ACTIVITY: Would you copy the entries that follow exactly, leaving out every picture?

RECORDS SUPPLIED:
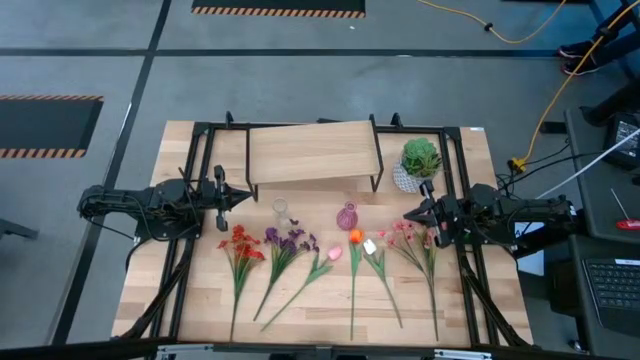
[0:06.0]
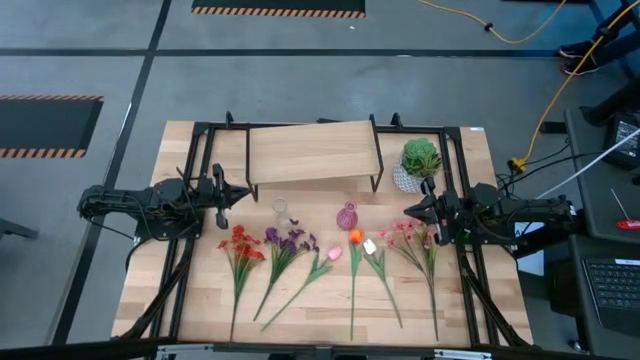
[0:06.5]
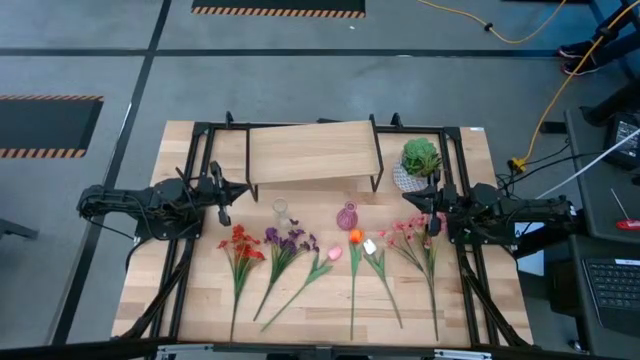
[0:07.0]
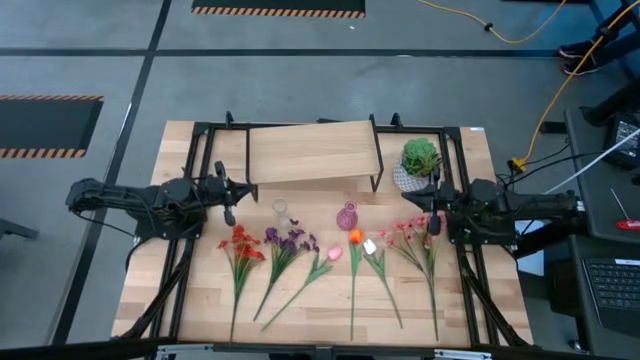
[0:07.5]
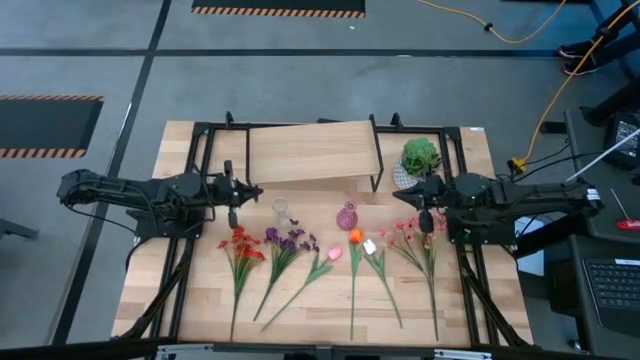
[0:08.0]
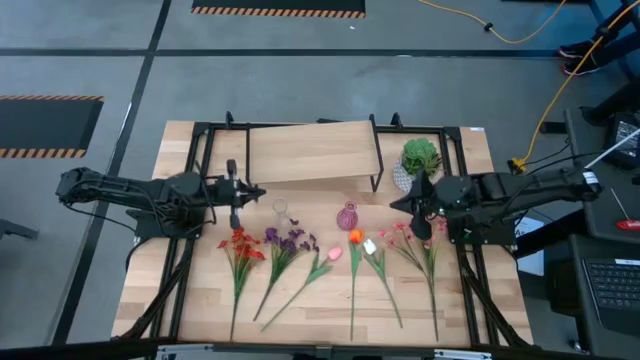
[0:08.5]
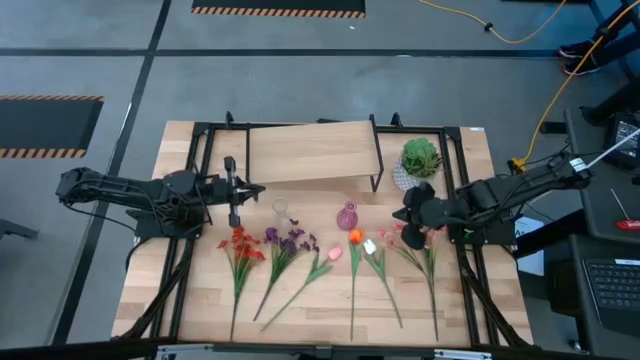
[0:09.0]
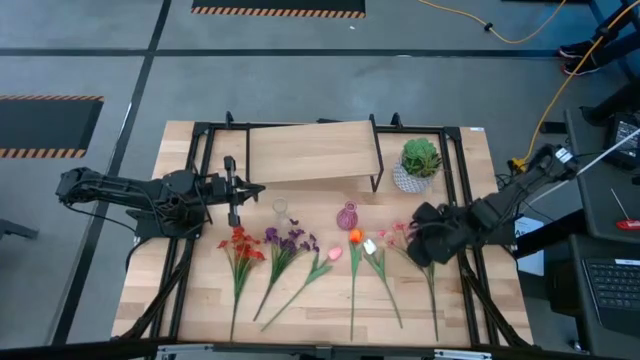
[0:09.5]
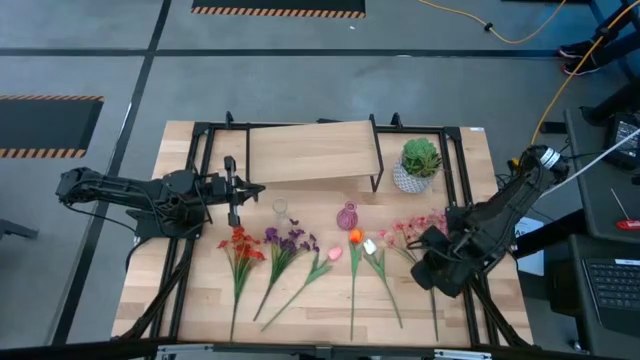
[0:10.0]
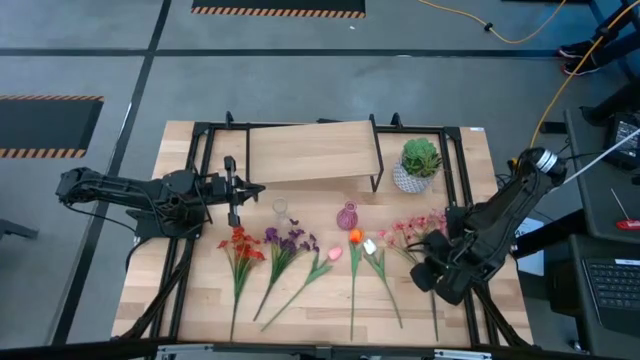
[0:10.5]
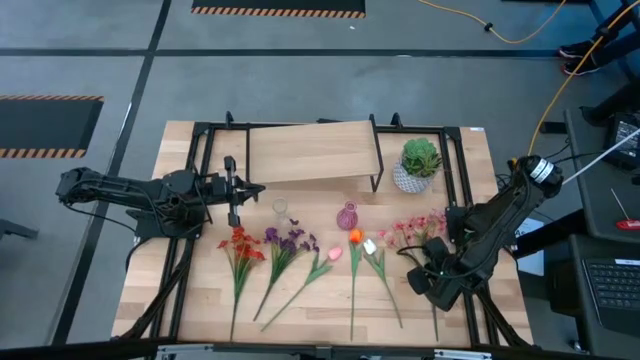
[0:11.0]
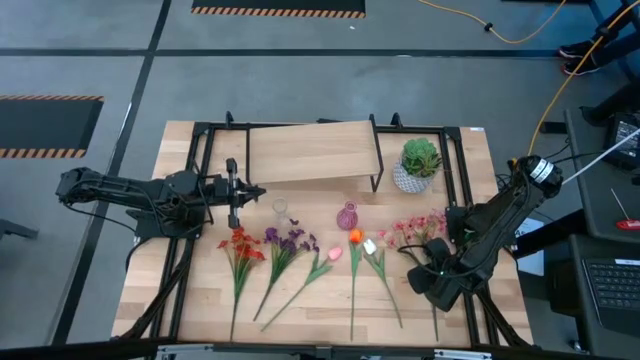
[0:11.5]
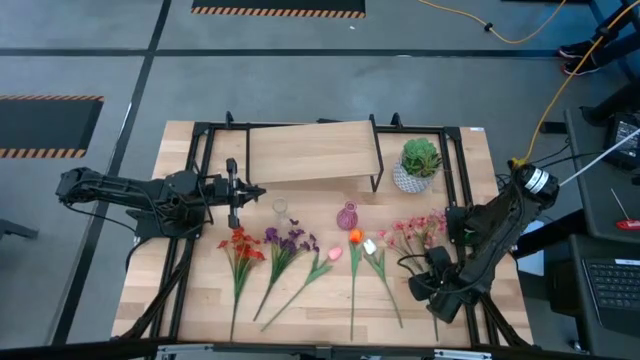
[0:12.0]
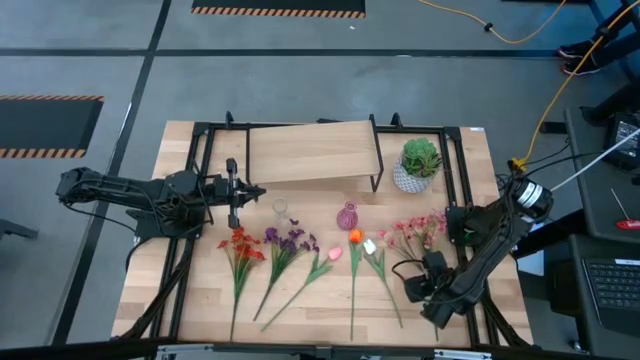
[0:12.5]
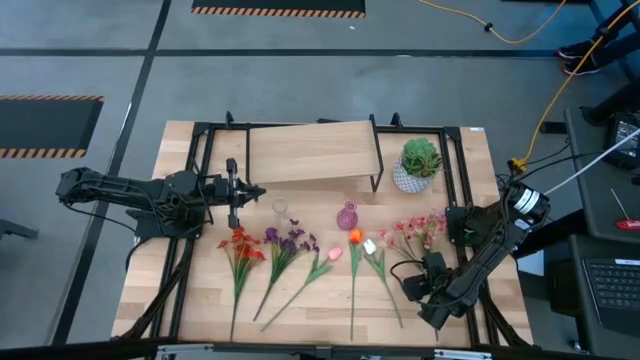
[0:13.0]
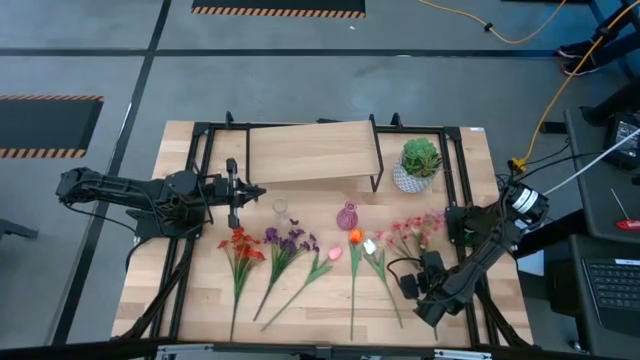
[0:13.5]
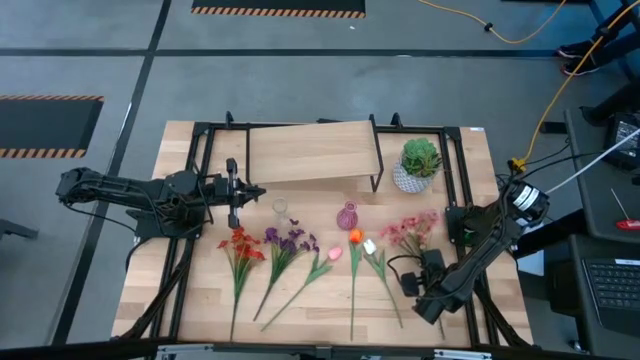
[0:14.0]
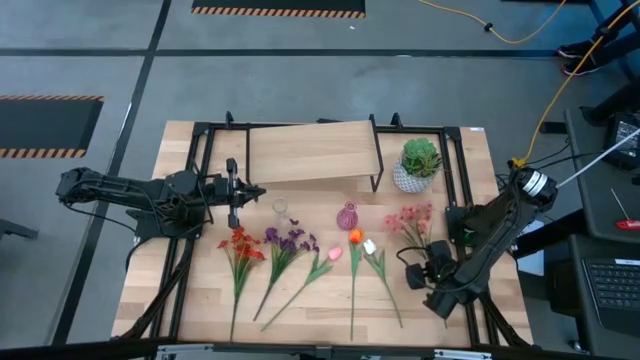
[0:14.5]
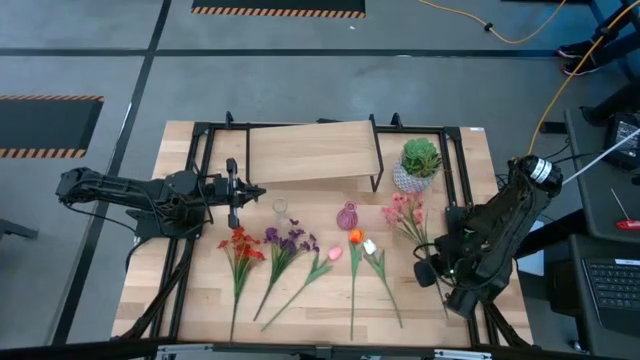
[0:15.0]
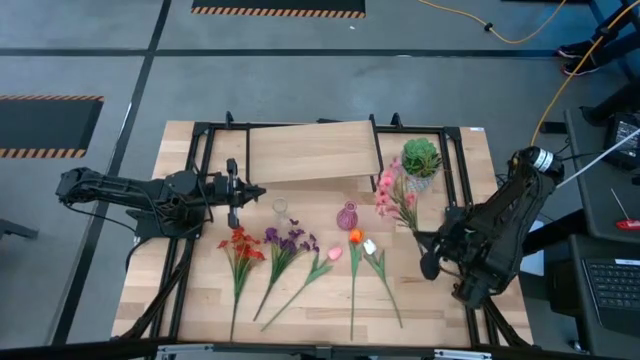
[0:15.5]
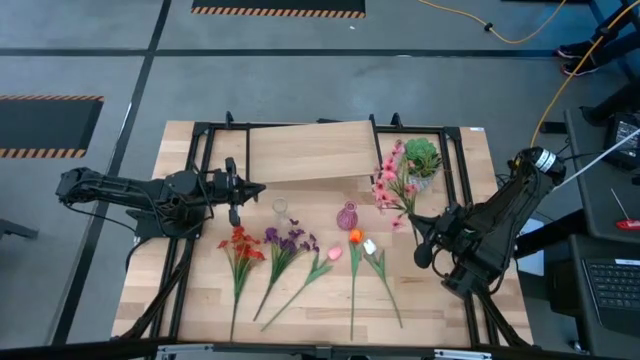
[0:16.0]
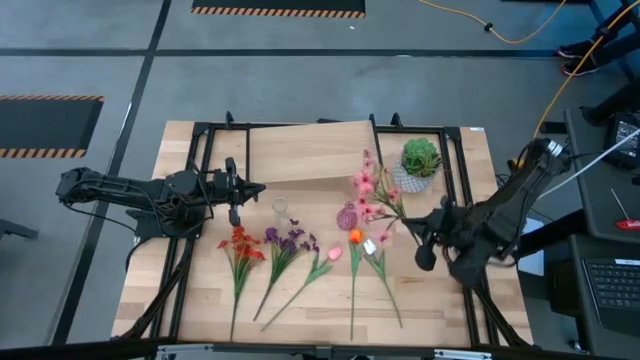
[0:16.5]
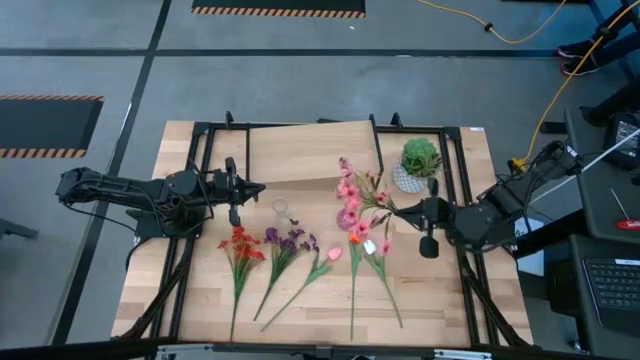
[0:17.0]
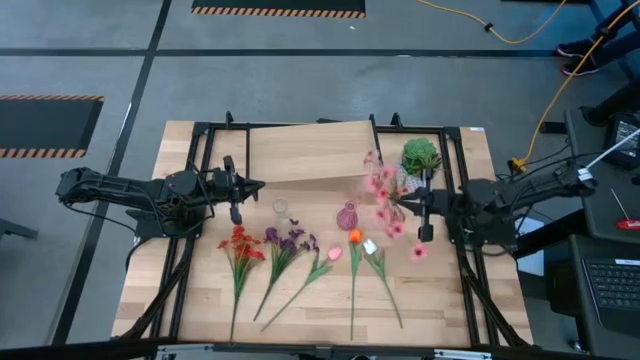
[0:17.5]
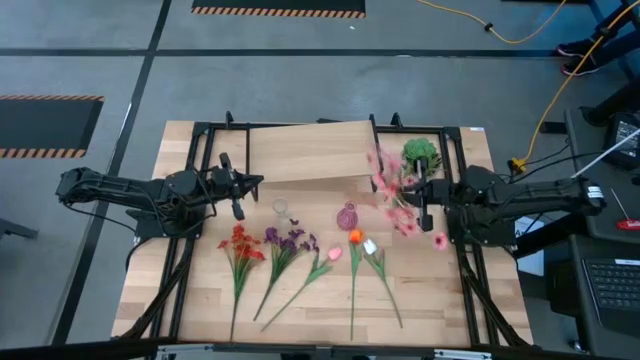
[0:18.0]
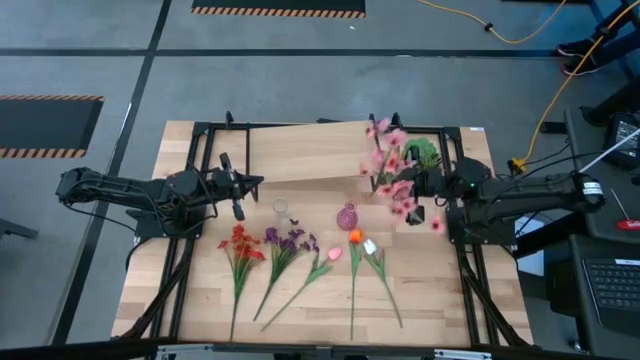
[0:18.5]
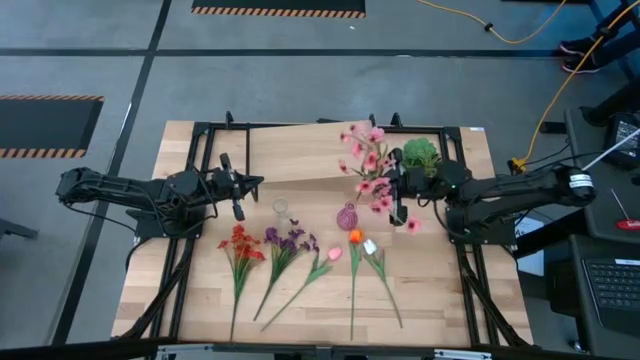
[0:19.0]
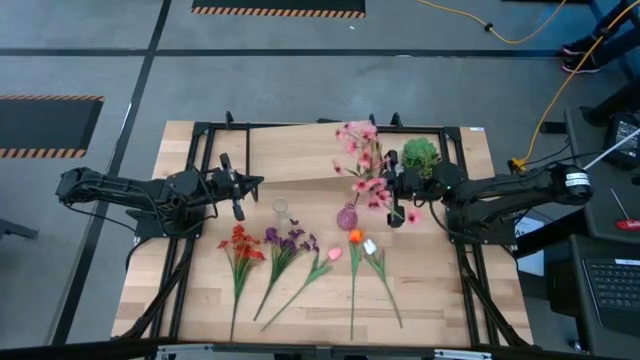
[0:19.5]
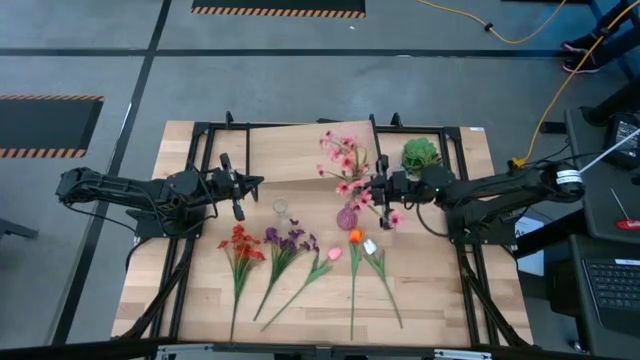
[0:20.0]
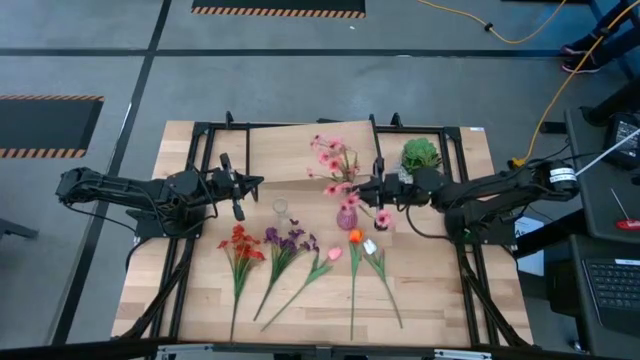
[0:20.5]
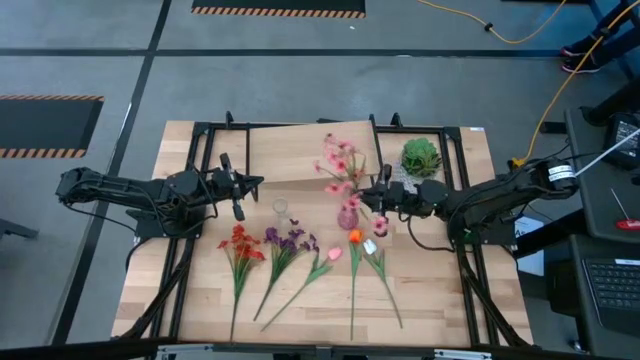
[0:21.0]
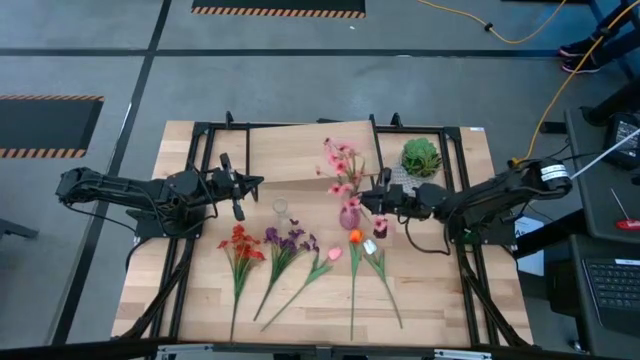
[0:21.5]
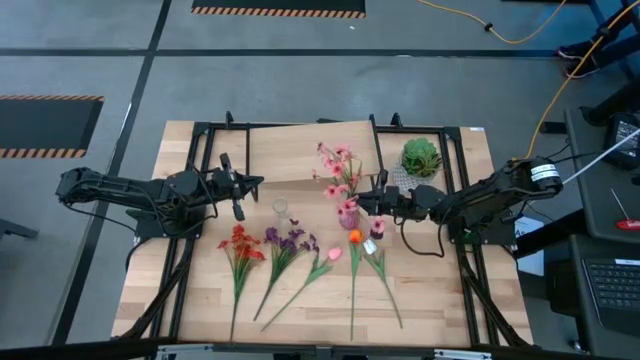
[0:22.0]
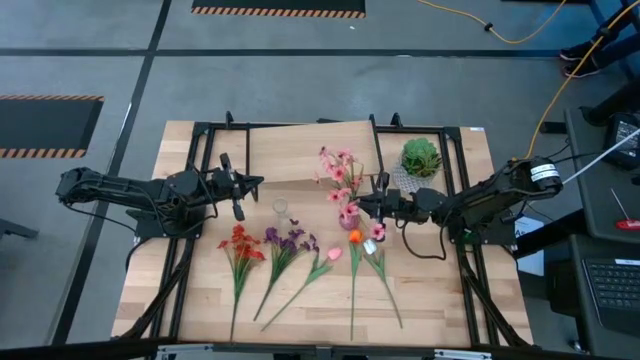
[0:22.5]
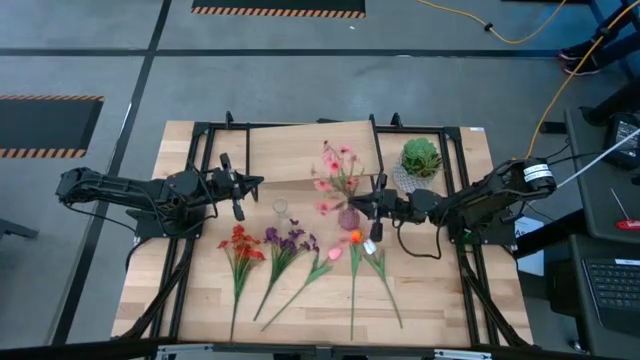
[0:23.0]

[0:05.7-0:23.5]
Task: Pick and place flowers into a vace then onto a shelf
Put the pink flowers into the pink vase

ANSWER TO THE EXERCISE:
[0:06.0]
[0:06.5]
[0:07.0]
[0:07.5]
[0:08.0]
[0:08.5]
[0:09.0]
[0:09.5]
[0:10.0]
[0:10.5]
[0:11.0]
[0:11.5]
[0:12.0]
[0:12.5]
[0:13.0]
[0:13.5]
[0:14.0]
[0:14.5]
[0:15.0]
[0:15.5]
[0:16.0]
[0:16.5]
[0:17.0]
[0:17.5]
[0:18.0]
[0:18.5]
[0:19.0]
[0:19.5]
[0:20.0]
[0:20.5]
[0:21.0]
[0:21.5]
[0:22.0]
[0:22.5]
[0:23.0]

[0:05.7-0:23.5]
Task: Pick and place flowers into a vace then onto a shelf
Put the pink flowers into the pink vase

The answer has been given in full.